Gelar Juara Leo/Daniel Dongkrak Motivasi Ganda Putra PBSI

Gelar Juara Leo/Daniel Dongkrak Motivasi Ganda Putra PBSI

Keberhasilan pasangan ganda putra Leo Rolly Carnando/Daniel Marthin menjuarai turnamen Thailand Open 2026 pada Minggu (17/5) langsung mendongkrak motivasi sekaligus memperketat atmosfer persaingan para penghuni Pelatnas PBSI, seperti dilansir dari Detik Sport.

Turnamen sirkuit BWF Super 500 tersebut menjadi panggung debut kembalinya Leo/Daniel setelah sempat dipisahkan sejak Juni 2024 pasca-turnamen Indonesia Open. Pasangan berjuluk The Babies ini langsung dipersiapkan oleh tim pelatih menuju Olimpiade 2028 bersama sejumlah pasangan lainnya.

Pemain ganda putra Indonesia, Muhammad Shohibul Fikri, menyatakan rasa bangganya atas pencapaian luar biasa yang diraih oleh mantan rekan duetnya tersebut dalam laga debut comeback mereka.

"Saya sangat bangga sekali dengan comeback-nya dia (Daniel Marthin), permainannya sangat bagus sekali dan bisa juara," kata Fikri saat ditemui di Pelatnas PBSI, Rabu (20/5/2026).

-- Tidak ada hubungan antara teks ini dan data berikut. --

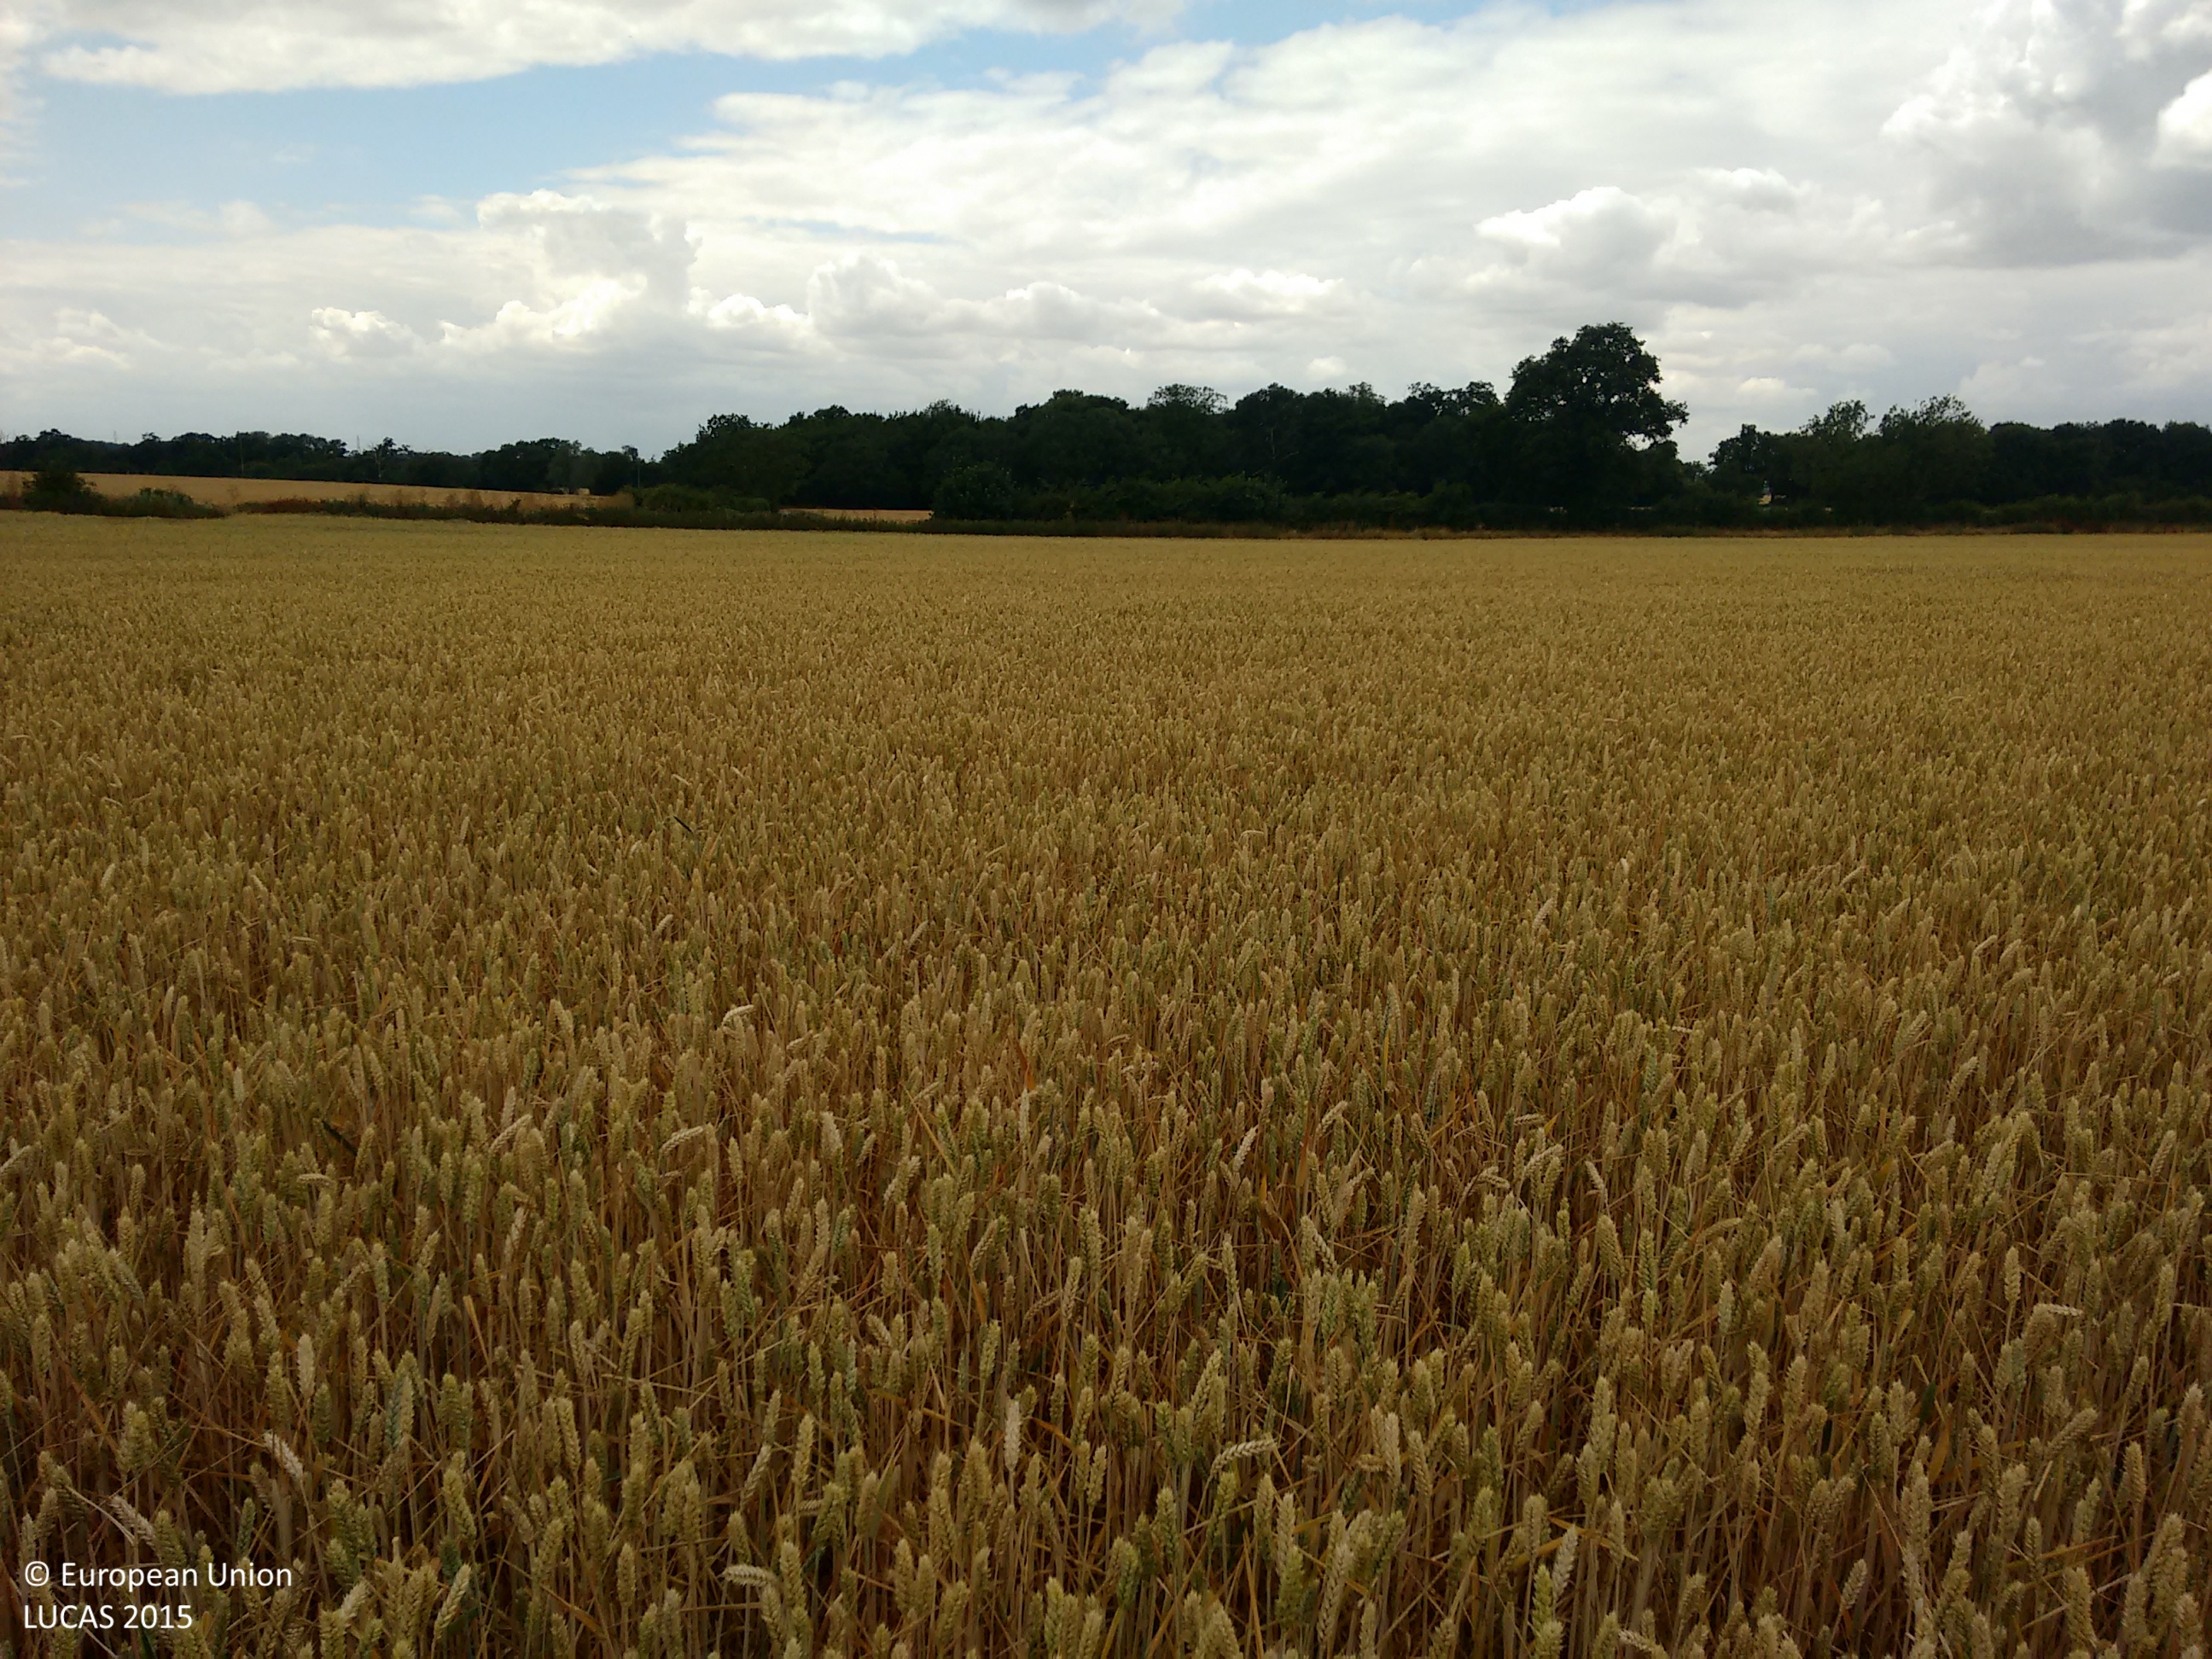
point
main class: Cropland
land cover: Common wheat
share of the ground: > 75 %
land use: Agriculture (excluding fallow land and kitchen gardens)
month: July
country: GB
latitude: 51.8038
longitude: 0.5900
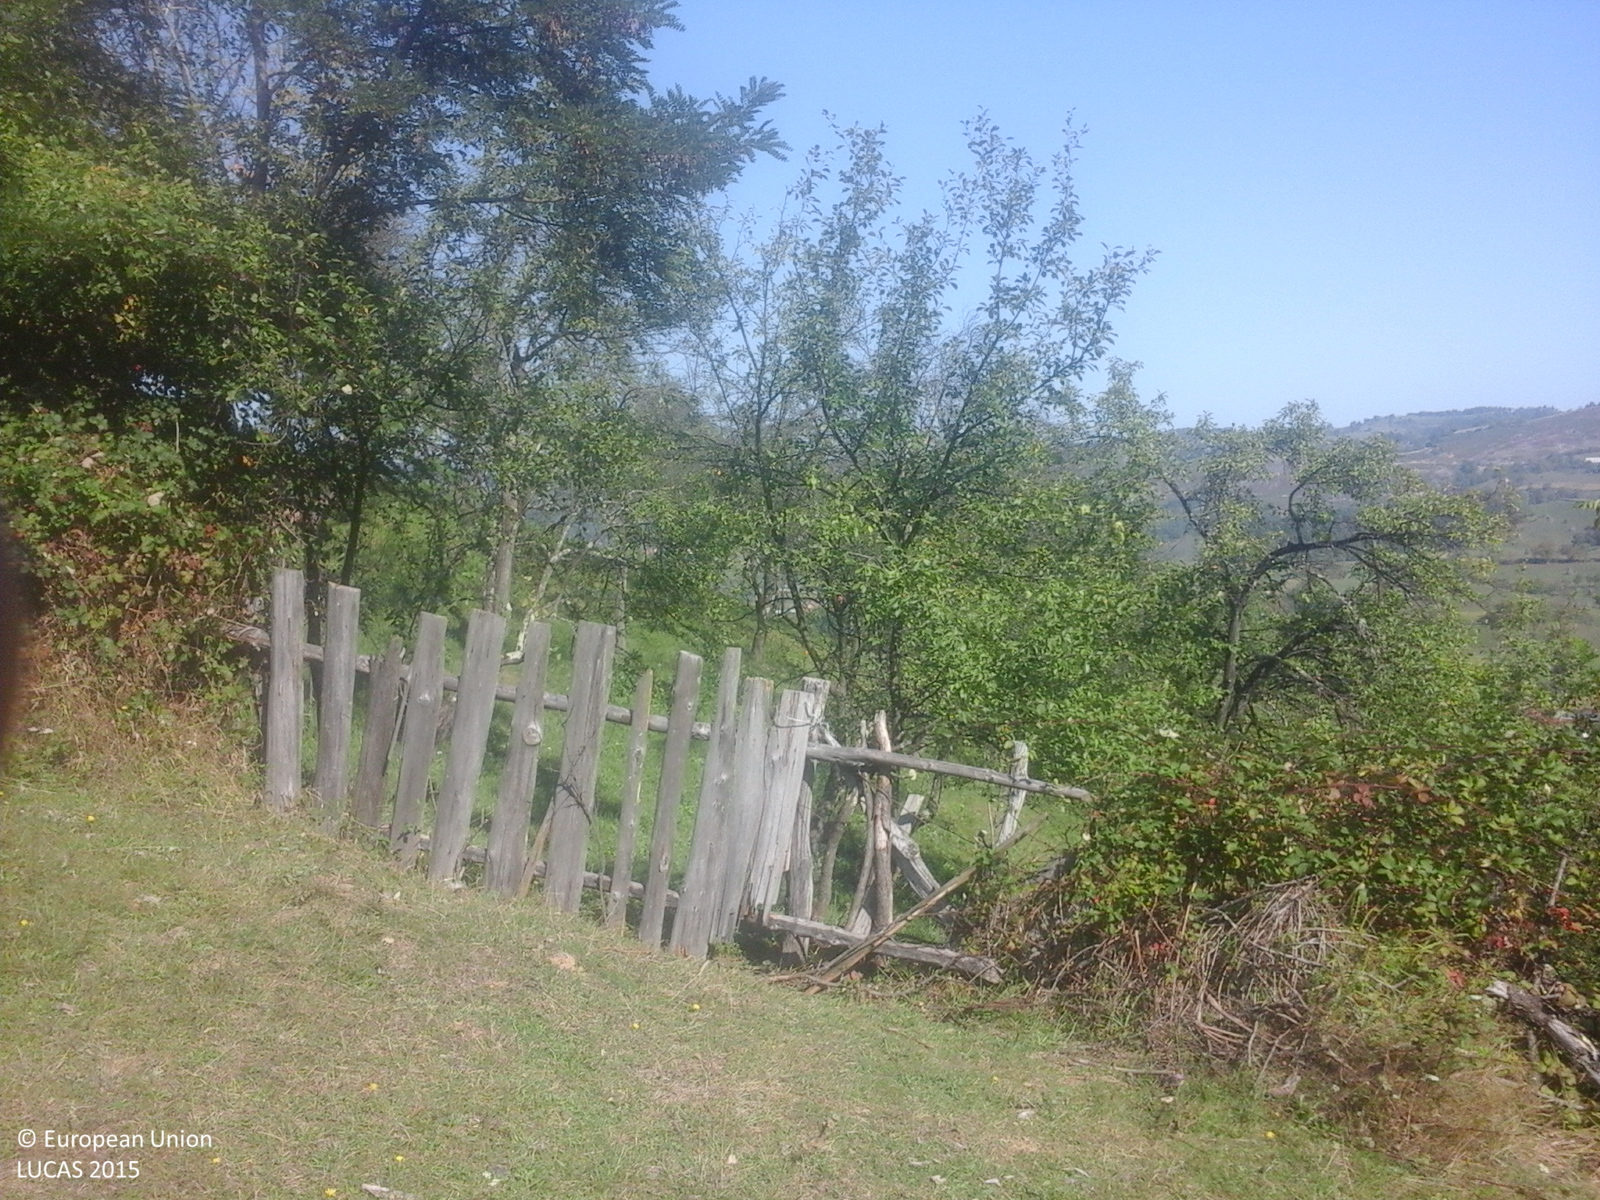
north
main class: Grassland
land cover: Grassland without tree/shrub cover
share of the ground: > 75 %
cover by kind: herbaceous plants 100 %
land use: Agriculture (excluding fallow land and kitchen gardens)
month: September
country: RO
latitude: 46.8121
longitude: 22.3836

Menurut penuturan Fikri, pelatih ganda putra PBSI Antonius Budi Ariantho telah mengumumkan bahwa dirinya yang berpasangan dengan Fajar Alfian masuk dalam daftar program persiapan menuju Olimpiade bersama dengan Leo/Daniel serta duet Raymond Indra/Nikolaus Joaquin.

"Ya saya bersyukur Koh Anton bilang saya dan Fajar terpilih untuk race Olimpiade. Karena walaupun kami bersaing secara positif, tapi ya mereka semua teman saya, dan kami ingin berjuang sama-sama lah untuk ganda putra juga," tutur Fikri.

Fikri menegaskan bahwa kehadiran rivalitas internal yang baru ini dipandang sebagai bentuk motivasi demi kemajuan bersama di sektor ganda putra nasional.

"Bukan untuk dalam artian kita saling senggol gitu, enggak. Tapi saling bergantian untuk juara," lanjut Fikri.

Pernyataan senada disampaikan oleh Fajar Alfian yang menilai bahwa atmosfer kompetisi di dalam pelatnas kini menjadi jauh lebih ketat setelah kompetitor mereka naik podium tertinggi di Thailand.

"Apalagi Leo/Daniel dan kemarin juara, pasti menambah juga motivasi buat pasangan-pasangan lainnya. Semakin termotivasi untuk tidak mau kalah. Tapi dalam artian positif," ujar Fajar.

Ketegangan kompetisi internal dipastikan akan terus meningkat mengingat para atlet juga harus memperebutkan tiket terbatas untuk mewakili Indonesia dalam ajang olahraga multi-cabang regional dalam beberapa bulan ke depan.

"Selain itu, di bulan September juga ada Asian Games, dan itu dipilih dua pasang. Pasti persaingan makin ketat saja."

Persaingan perebutan tempat di tim nasional dinilai akan semakin sengit karena jajaran pelatih pelatnas juga harus memperhitungkan kekuatan pasangan profesional yang berada di luar struktur organisasi formal.

"Ada juga Sabar/Reza yang di luar Pelatnas. Jadi mungkin persaingan ganda putra untuk memperebutkan tiket ke Asian Games khususnya makin solid saja," tegas juara China Open 2025 itu.